- Recensioni, Thriller

Il nome della rosa

il nome della rosa locandinaTitolo originale: The name of the rose

Regia: Jean-Jacques Annaud

Sceneggiatura: Andrew Birkin, Gérard Brach, Howard Franklin, Alain Godard

Cast: Sean Connery, Christian Slater, F.Murray Abraham

Musiche: James Horner

Produzione: Italia, Germania, Francia 1986

Genere: Thriller

Durata: 130 minuti

logo 20th century fox   Trailer

 

christian slater e sean connery ne il nome della rosa  f. murray abraham e michael lonsdale  il nome della rosa sala amanuensi

 

Regia: stellastellastellastella

Interpretazione: stellastellastellastella

Sceneggiatura: stellastellastellastella

Musica: stellastellastella

Giudizio: stellastellastellastella

 

Trama

Medioevo. In un’abbazia benedettina dell’Italia del nord giungono il dotto frate Guglielmo da Baskerville (Sean Connery) e il suo allievo Adso De Melk (Christian Slater), chiamati a indagare su alcune morti violente. Fra presunti eretici e accuse mosse dalla spietata Inquisizione, si presume che alla base degli omicidi si celi un misterioso libro.

Recensione

Il romanzo Il nome della rosa di Umberto Eco necessitava per argomenti e valenza storica di una trasposizione cinematografica che fosse all’altezza della sua espressività letteraria e delle sue profonde deduzioni.

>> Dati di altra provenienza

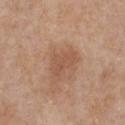Part of a total-body skin-imaging series; this lesion was reviewed on a skin check and was not flagged for biopsy.
A 15 mm close-up extracted from a 3D total-body photography capture.
From the chest.
The lesion's longest dimension is about 4 mm.
A female patient aged 38–42.

Ebbene, il progetto ha avuto esito con una certa ambizione, una co-produzione notevolmente studiata e messa in atto unendo visioni e risorse di Italia, Germania e Francia, un’alleanza logistica forte e matura.

Il regista Jean-Jacques Annaud si prodiga a favore di una sceneggiatura difficile, molto intricata, ricca di intrecci e parafrasi talvolta ambigue, tenendo in conto il fatto che storicamente la vicenda è collocata e proprio per questo non suscettibile di alcun errore di leggerezza.

L’impegno, tuttavia, non si presenta gravoso solo per la regia, ma anche per la scenografia, obbligata a ricostruire uno sfondo credibile a livello temporale e pregno quanto basta di misticismo. L’abile Dante Ferretti ha fatto di più, allestendo il set nell’antica abbazia di Eberbach e arricchendone gli interni con uno stile perfettamente idoneo all’epoca medievale.

La trama si inserisce in un contesto da thriller appassionante, ma in esso vi sono motivi ben più alti e culturalmente pregnanti, tali da stimolare a livello letterario l’immaginazione di coloro che credevano di sapere tutto sulla vita archetipica del religioso di fine ‘300.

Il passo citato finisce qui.